El Reino de Cristo no es un reino de honores, de riquezas, de poderes y dignidades como lo entiende el mundo. Su reino es de una dimensión trascendente y espiritual, lo cual no significa que no sea real. No es un reino terreno, sino celestial. Es un reino de amor, de justicia, de perdón, de gracia y de paz; un reino que está muy por encima de las ambiciones humanas. Un reino que heredarán los pobres, los mansos, los que sufren, los misericordiosos, los humildes, los pacíficos, los perseguidos… Un reino, en definitiva, que poseeremos plenamente en la otra vida, pero que ya ha iniciado desde ahora.

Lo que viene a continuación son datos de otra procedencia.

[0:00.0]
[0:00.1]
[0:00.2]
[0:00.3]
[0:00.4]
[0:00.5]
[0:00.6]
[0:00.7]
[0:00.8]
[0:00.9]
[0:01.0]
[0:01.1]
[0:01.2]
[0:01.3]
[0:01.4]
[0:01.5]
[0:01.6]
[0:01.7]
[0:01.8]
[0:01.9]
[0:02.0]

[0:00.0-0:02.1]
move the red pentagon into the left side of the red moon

Al iniciar este nuevo año litúrgico y sobre todo en los tiempos en los que nos encontramos, qué necesario y urgente es que Dios reine. La humanidad sufre, muere de frío y de hambre; y cada vez más se ve envuelta en un lamentable proceso de descomposición y degradación moral, realidad que tiene como causa, entre otras, la ausencia de Dios; queremos vivir como si Dios no existiera, al margen de él.

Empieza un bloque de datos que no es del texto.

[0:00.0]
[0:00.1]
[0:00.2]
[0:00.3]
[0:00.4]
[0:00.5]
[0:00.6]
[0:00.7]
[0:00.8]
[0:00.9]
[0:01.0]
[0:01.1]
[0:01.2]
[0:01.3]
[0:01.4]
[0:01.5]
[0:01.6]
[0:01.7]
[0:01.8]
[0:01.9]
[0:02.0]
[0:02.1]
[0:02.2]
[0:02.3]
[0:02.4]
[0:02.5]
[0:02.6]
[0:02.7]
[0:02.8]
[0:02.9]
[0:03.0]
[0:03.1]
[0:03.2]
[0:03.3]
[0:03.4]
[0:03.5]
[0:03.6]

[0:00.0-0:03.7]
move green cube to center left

El centro del mensaje de Jesús es la instauración del Reino de Dios, que no es comida ni bebida, sino valores muy concretos, como la justicia, la paz, la verdad, el amor en todas sus manifestaciones, la promoción del respeto a la vida, y el crecimiento en la gracia y santidad. El Reino de Dios tiene dos dimensiones: es una realidad escatológica, y una realidad temporal. La vivencia de esos valores con lo cual se inicia el Reino tiene su pleno cumplimiento en la vida eterna. Por ello, los valores del Reino son una realidad transformadora que exigen al hombre una nueva actitud, un comportamiento moral de acuerdo a la dignidad de hijos de Dios. El Señor nos invita en este día a construir aquí y ahora el Reino para poder participar del Reino escatológico.

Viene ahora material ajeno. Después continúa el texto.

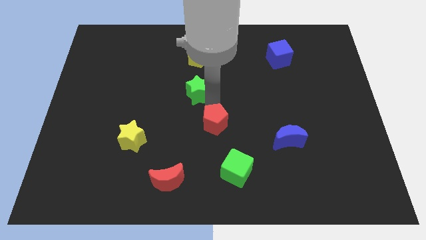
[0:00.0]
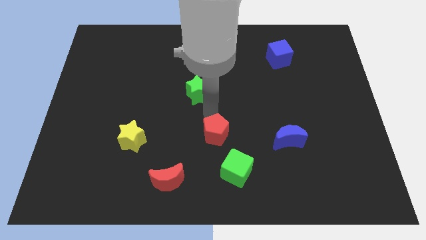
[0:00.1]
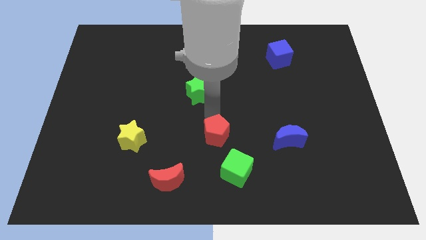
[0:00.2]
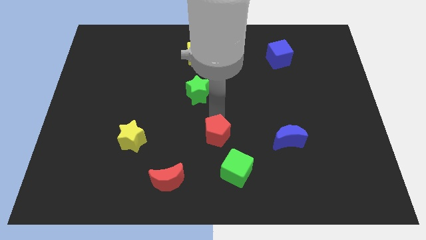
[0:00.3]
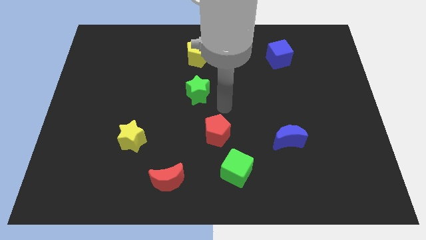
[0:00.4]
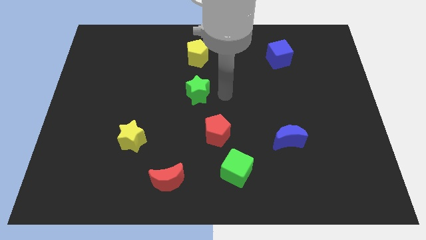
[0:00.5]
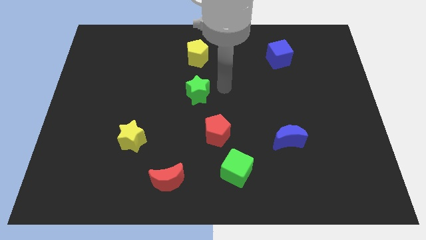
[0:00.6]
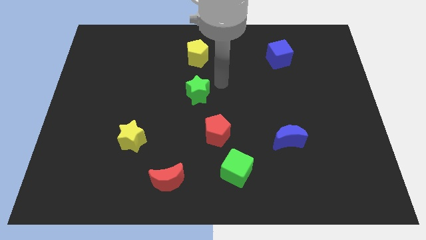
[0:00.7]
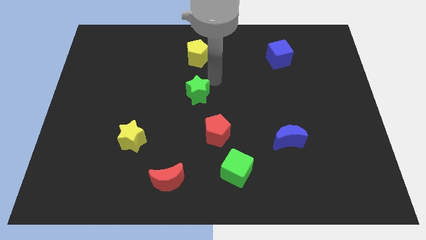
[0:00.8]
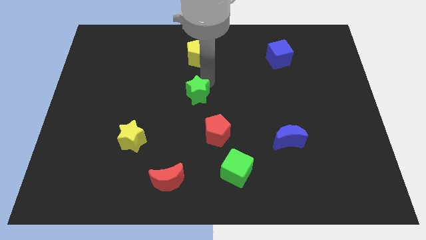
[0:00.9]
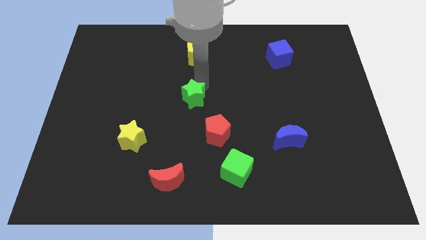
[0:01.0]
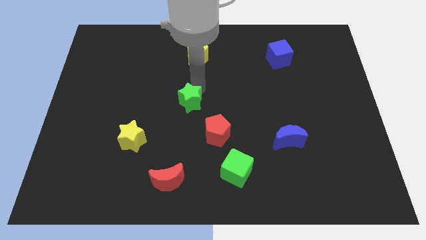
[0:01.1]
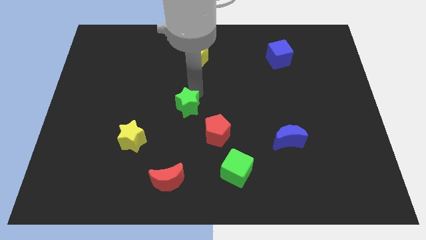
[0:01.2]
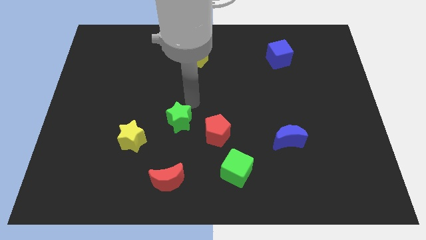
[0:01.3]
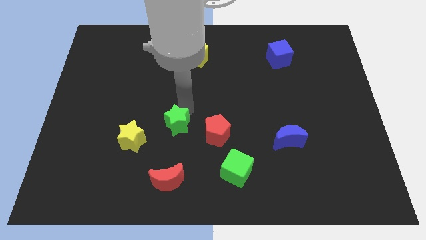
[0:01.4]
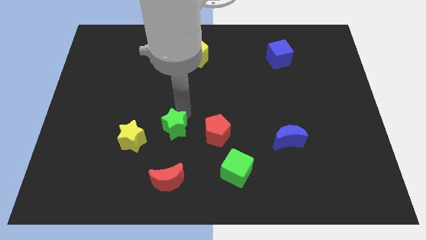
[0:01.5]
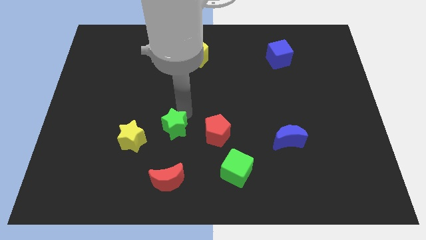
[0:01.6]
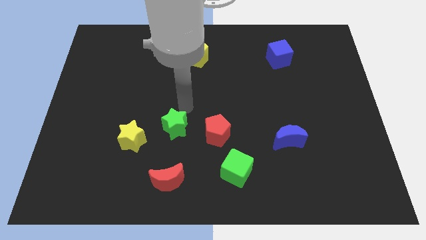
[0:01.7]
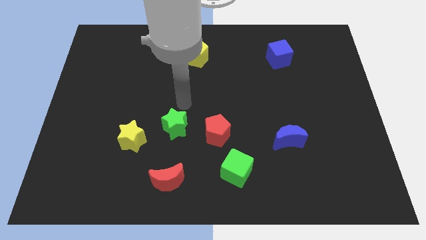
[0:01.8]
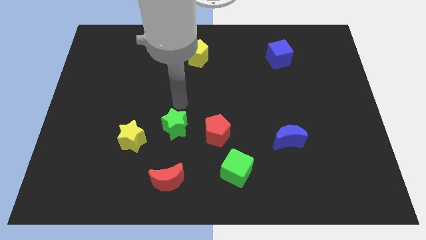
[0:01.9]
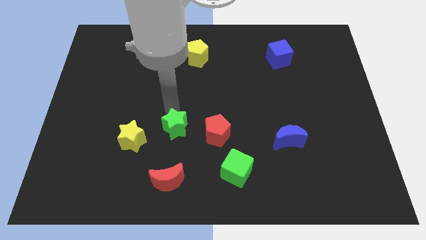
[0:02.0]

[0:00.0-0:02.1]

¡Venga tu reino de amor entre los esposos, entre padres e hijos; de amor hacia los niños y ancianos, hacia los pobres y enfermos, hacia todos los más necesitados de atención, cariño, y ternura. Sabemos que el Reino de Cristo vive en una situación de tensión permanente, porque lo exige su mismo crecimiento, porque encuentra resistencias a su acción transformadora. Con todo, porque llegue este reino de paz, de justicia y de amor trabajamos, sufrimos, oramos los cristianos y todos los hombres de buena voluntad. ¡Venga tu Reino Señor! Viva Cristo Rey.
Qué tarea tan grande tenemos de construir el Reino de Dios. Cuánta sed y hambre hay en nuestras familias y en la sociedad, de justicia, de verdad, de honestidad; de amor, de respeto, de comprensión entre los matrimonios. De respeto a los derechos más fundamentales. Trabajemos por construir el Reino de Dios acá en la tierra para que un día nos diga el Señor: “Vengan, benditos de mi Padre; tomen posesión del Reino… porque tuve hambre y me diste de comer, sediento y me diste de beber, en la cárcel y enfermo y me visitaste, desnudo y me vestiste, forastero y me hospedaste”, etc.
Dios nos conceda la gracia de vivir los valores del Reino para participar un día de la gloria eterna, de la vida de Dios.
El próximo domingo iniciamos el adviento, tiempo de gracia que nos dispone a celebrar dignamente la navidad. Dios los bendiga. Feliz domingo.